However, examinations by the present inventors have revealed that sufficient characteristics cannot be obtained in any case, and that each has the following problems.

Regarding (A), the biaxially oriented polyethylene terephthalate film is excellent in heat resistance and fragrance retention, but is insufficient in moldability and whitening of the film (generation of minute cracks) in canning with large deformation. Breakage occurs.

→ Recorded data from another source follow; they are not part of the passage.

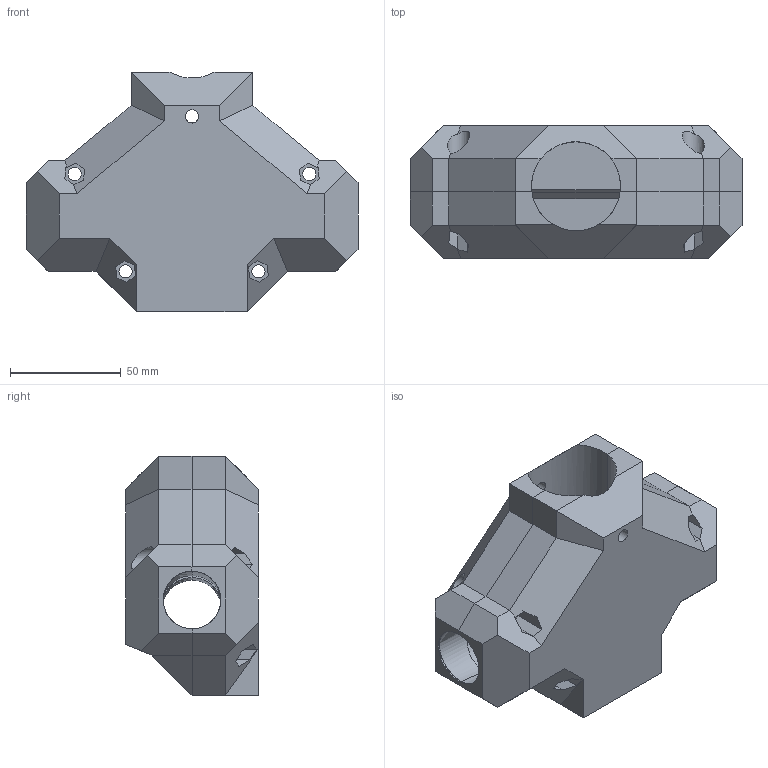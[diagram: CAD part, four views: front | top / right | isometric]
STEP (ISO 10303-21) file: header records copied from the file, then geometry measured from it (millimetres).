
FILE_DESCRIPTION(/* description */ (''),/* implementation_level */ '2;1');
FILE_NAME(/* name */ 'Port T-Piece.step',/* time_stamp */ '2025-07-11T11:32:23+02:00',/* author */ (''),/* organization */ (''),/* preprocessor_version */ 'ST-DEVELOPER v20.1',/* originating_system */ 'Autodesk Translation Framework v14.10.0.0',/* authorisation */ '');
FILE_SCHEMA (('AUTOMOTIVE_DESIGN { 1 0 10303 214 3 1 1 }'));
Length unit declared in the file: millimetre
Products named in the file (1): Port T-Piece
Bounding box: 150 x 60 x 108.31 mm (x, y, z)
Volume: 338559.5 mm3; surface area: 79266.9 mm2
Topology: 2 solids, 2 shells, 180 faces, 509 edges, 334 vertices
Faces by surface type: plane 133, cylinder 24, bspline 20, cone 3
Full cylindrical faces by diameter (mm): 6 x11, 10 x2
Entity records: 7177 total; most frequent: CARTESIAN_POINT 2562, ORIENTED_EDGE 1018, DIRECTION 853, EDGE_CURVE 509, LINE 367, VECTOR 367, VERTEX_POINT 334, AXIS2_PLACEMENT_3D 243

Regarding (B), since it is an amorphous or extremely low-crystalline aromatic polyester film, the moldability is good, but the fragrance retention is inferior, and after printing after can-making, retort sterilization, etc. The film is easily embrittled by the treatment and is easily broken by the impact from the outside of the can.

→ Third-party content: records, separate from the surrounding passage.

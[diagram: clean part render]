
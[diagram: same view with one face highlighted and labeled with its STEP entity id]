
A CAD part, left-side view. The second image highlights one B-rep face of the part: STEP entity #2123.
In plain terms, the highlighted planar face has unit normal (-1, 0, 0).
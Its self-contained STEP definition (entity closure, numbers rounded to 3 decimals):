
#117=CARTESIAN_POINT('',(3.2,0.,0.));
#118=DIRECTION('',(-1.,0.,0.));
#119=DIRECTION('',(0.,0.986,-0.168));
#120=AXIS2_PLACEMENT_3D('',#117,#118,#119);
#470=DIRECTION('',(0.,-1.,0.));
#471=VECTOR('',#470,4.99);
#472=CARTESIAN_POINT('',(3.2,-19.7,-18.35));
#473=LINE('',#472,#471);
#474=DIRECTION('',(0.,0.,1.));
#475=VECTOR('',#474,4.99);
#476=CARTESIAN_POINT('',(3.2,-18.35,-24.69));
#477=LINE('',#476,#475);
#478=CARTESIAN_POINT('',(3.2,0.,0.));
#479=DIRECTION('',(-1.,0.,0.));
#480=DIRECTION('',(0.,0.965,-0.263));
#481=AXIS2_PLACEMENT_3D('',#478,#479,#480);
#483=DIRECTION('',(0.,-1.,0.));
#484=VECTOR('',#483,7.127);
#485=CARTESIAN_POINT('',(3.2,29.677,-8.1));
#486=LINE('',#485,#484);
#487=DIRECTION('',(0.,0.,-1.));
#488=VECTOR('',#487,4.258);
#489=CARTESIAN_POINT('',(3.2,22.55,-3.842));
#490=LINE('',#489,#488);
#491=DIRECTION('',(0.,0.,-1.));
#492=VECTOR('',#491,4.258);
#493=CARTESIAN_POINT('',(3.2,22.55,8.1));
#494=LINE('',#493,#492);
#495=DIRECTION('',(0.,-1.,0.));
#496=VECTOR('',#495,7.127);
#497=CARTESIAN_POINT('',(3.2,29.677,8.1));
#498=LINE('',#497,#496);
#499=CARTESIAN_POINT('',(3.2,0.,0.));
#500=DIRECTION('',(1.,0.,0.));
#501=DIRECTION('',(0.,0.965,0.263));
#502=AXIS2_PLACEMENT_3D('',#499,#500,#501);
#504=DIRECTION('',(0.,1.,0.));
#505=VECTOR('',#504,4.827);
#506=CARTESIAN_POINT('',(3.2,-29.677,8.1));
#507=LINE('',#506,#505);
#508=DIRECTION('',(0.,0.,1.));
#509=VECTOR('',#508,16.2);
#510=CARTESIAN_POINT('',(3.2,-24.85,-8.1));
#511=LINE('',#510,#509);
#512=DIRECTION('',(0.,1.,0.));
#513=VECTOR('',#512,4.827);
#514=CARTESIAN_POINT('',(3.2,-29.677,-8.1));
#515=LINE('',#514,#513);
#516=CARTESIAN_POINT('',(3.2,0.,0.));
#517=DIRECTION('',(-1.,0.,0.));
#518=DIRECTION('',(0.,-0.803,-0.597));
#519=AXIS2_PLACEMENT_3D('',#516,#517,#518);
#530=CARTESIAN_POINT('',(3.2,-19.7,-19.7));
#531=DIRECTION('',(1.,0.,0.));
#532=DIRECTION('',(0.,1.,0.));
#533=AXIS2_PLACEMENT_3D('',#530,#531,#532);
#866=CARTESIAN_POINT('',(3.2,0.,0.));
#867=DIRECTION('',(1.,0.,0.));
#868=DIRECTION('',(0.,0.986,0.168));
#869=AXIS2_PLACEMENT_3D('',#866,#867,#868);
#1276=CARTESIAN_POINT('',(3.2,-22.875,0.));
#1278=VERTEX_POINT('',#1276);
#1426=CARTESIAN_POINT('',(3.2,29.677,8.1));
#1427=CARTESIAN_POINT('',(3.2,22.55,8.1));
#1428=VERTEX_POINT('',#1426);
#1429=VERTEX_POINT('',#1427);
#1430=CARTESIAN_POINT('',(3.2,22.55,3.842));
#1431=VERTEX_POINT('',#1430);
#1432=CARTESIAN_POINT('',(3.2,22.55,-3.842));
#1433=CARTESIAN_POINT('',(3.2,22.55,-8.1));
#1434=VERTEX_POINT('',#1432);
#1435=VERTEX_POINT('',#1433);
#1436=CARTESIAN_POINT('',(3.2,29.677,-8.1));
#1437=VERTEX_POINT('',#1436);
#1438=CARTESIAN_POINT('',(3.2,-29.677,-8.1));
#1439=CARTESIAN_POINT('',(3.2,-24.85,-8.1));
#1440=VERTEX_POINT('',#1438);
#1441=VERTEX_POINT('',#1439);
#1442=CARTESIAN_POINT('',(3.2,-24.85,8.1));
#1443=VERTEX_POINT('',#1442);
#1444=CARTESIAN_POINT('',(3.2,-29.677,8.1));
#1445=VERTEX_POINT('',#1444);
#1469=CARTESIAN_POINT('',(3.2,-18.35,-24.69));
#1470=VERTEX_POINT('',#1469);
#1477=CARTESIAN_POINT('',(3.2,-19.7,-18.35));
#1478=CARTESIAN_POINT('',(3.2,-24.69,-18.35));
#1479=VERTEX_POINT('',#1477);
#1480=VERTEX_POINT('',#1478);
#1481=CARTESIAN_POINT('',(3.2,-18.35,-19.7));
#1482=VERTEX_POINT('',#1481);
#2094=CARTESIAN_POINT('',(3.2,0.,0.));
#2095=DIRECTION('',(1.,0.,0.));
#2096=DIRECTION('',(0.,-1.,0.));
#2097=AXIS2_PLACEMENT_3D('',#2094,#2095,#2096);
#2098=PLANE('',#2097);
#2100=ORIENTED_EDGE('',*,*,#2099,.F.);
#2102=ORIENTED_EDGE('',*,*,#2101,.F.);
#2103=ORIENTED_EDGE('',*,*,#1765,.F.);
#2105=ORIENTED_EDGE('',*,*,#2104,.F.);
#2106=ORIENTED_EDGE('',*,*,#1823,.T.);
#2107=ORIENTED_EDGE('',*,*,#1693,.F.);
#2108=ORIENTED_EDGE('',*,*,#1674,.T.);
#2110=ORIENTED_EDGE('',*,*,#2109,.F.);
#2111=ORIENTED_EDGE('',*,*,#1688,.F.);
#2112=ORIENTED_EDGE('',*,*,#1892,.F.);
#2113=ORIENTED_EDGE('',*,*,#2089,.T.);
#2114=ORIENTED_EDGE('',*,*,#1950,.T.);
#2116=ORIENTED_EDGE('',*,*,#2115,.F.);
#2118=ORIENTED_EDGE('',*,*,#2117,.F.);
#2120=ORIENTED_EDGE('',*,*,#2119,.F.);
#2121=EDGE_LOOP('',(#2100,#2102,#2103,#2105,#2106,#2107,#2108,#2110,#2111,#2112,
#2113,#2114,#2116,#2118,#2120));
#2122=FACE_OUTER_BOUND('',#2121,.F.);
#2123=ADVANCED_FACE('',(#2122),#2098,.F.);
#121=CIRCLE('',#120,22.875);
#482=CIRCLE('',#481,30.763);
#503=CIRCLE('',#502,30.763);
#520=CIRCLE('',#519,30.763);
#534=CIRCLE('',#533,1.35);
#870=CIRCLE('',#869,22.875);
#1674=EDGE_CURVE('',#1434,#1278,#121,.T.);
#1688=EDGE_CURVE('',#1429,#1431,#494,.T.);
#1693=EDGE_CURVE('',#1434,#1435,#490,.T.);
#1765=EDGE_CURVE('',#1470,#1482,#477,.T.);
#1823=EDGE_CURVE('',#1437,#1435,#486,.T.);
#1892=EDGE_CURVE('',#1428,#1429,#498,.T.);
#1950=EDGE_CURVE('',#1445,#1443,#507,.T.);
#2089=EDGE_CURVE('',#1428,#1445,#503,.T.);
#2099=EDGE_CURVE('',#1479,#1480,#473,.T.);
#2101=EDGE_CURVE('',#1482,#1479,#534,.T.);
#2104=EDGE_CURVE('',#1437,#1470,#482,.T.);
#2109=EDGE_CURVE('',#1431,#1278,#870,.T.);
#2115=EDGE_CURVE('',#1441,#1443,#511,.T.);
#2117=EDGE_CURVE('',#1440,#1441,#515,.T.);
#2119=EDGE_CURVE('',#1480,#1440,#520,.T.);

As for (C), the effect is not exerted in the intermediate region between the above (A) and (B). However, since the isotropy of the film surface is not ensured, it can be used as in can making (deep drawing). When deformation is performed in all directions, the formability in a specific direction of the film may be insufficient.

<Means for Solving the Problems> The present inventors have further conducted intensive studies to develop a polyester film for can-making without these problems.
The present invention has been reached.

That is, the present invention contains spherical particles having an average particle diameter of 2.5 μm or less, a relative standard deviation of 0.3 or less, and a particle diameter (major axis / minor axis) of 1.0 to 1.2, and a melting point of 210 to 1.2. Two
It is made of 45 ° C copolymerized polyester, the refractive index in the film thickness direction is 1.505 to 1.545, the refractive index in the film surface direction is 1.61 to 1.66 in all directions, and the subpeak by DSC is 150 to 205 ° C. It is a polyester film for metal lamination forming.

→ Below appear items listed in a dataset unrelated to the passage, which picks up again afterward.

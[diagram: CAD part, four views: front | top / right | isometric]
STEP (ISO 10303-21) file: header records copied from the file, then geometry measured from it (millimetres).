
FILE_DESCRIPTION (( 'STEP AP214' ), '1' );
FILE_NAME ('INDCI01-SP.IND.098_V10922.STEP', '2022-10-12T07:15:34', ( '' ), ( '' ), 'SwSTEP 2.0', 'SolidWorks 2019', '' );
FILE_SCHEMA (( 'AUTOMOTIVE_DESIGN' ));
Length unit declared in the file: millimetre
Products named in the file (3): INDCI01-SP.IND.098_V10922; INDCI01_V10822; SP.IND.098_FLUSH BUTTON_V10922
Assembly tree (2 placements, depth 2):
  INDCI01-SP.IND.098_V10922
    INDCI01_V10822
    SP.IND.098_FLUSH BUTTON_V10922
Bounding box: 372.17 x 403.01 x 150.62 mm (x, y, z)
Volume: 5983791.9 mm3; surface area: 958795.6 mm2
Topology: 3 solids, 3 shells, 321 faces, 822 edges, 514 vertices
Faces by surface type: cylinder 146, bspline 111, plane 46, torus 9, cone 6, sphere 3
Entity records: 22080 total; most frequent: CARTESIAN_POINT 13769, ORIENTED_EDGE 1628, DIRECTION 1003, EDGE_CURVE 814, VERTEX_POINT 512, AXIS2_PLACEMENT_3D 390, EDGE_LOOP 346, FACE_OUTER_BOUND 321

Representative examples of the copolymerized polyester in the present invention include copolymerized polyethylene terephthalate.
This copolymer component may be an acid component or an alcohol component.
Examples of the acid component include aromatic dibasic acids such as isophthalic acid, phthalic acid, and naphthalenedicarboxylic acid; aliphatic dicarboxylic acids such as adipic acid, azelaic acid, sebacic acid, and decane dicarboxylic acid; and alicyclic rings such as cyclohexanedicarboxylic acid. Examples of the alcohol component include aliphatic diols such as butanediol and hexanediol, and alicyclic diols such as cyclohexanedimethanol. These can be used alone or in combination of two or more.

The proportion of the copolymer component depends on the type thereof, and as a result, the polymer melting point is in the range of 210 to 245 ° C, preferably 215 to 240 ° C, and more preferably 220 to 235 ° C. When the melting point of the polymer is less than 210 ° C., the heat resistance is inferior, so that it cannot withstand the heating in printing after can production. On the other hand, the polymer melting point
When the temperature exceeds 245 ° C., the crystallinity of the polymer is too large and the moldability is impaired.

Here, the melting point of polyester is measured by Du Pont Instru
The method is to determine the melting peak at a heating rate of 20 ° C./min using ments 910 DSC. The sample amount is about 20 mg.

The copolymer polyester in the present invention has an average particle size of 2.
It contains spherical particles (spherical lubricant) having a particle size ratio (major axis / minor axis) of 1.0 to 1.2 with a relative standard deviation of 0.3 or less at 5 μm or less.

If the average particle size exceeds 2.5 μm, coarse particles (for example, 10 μm
The above particles) serve as a starting point, which is not preferable because pinholes are formed or broken in some cases.

The particle size ratio (major axis / minor axis) of the lubricant particles is 1.0 to 1.2, and this particle size ratio improves the pinhole resistance as well as the average particle size of 2.5 μm or less. Examples of such a spherical lubricant include spherical silica, spherical titanium oxide, spherical zirconium, and spherical silicone particles.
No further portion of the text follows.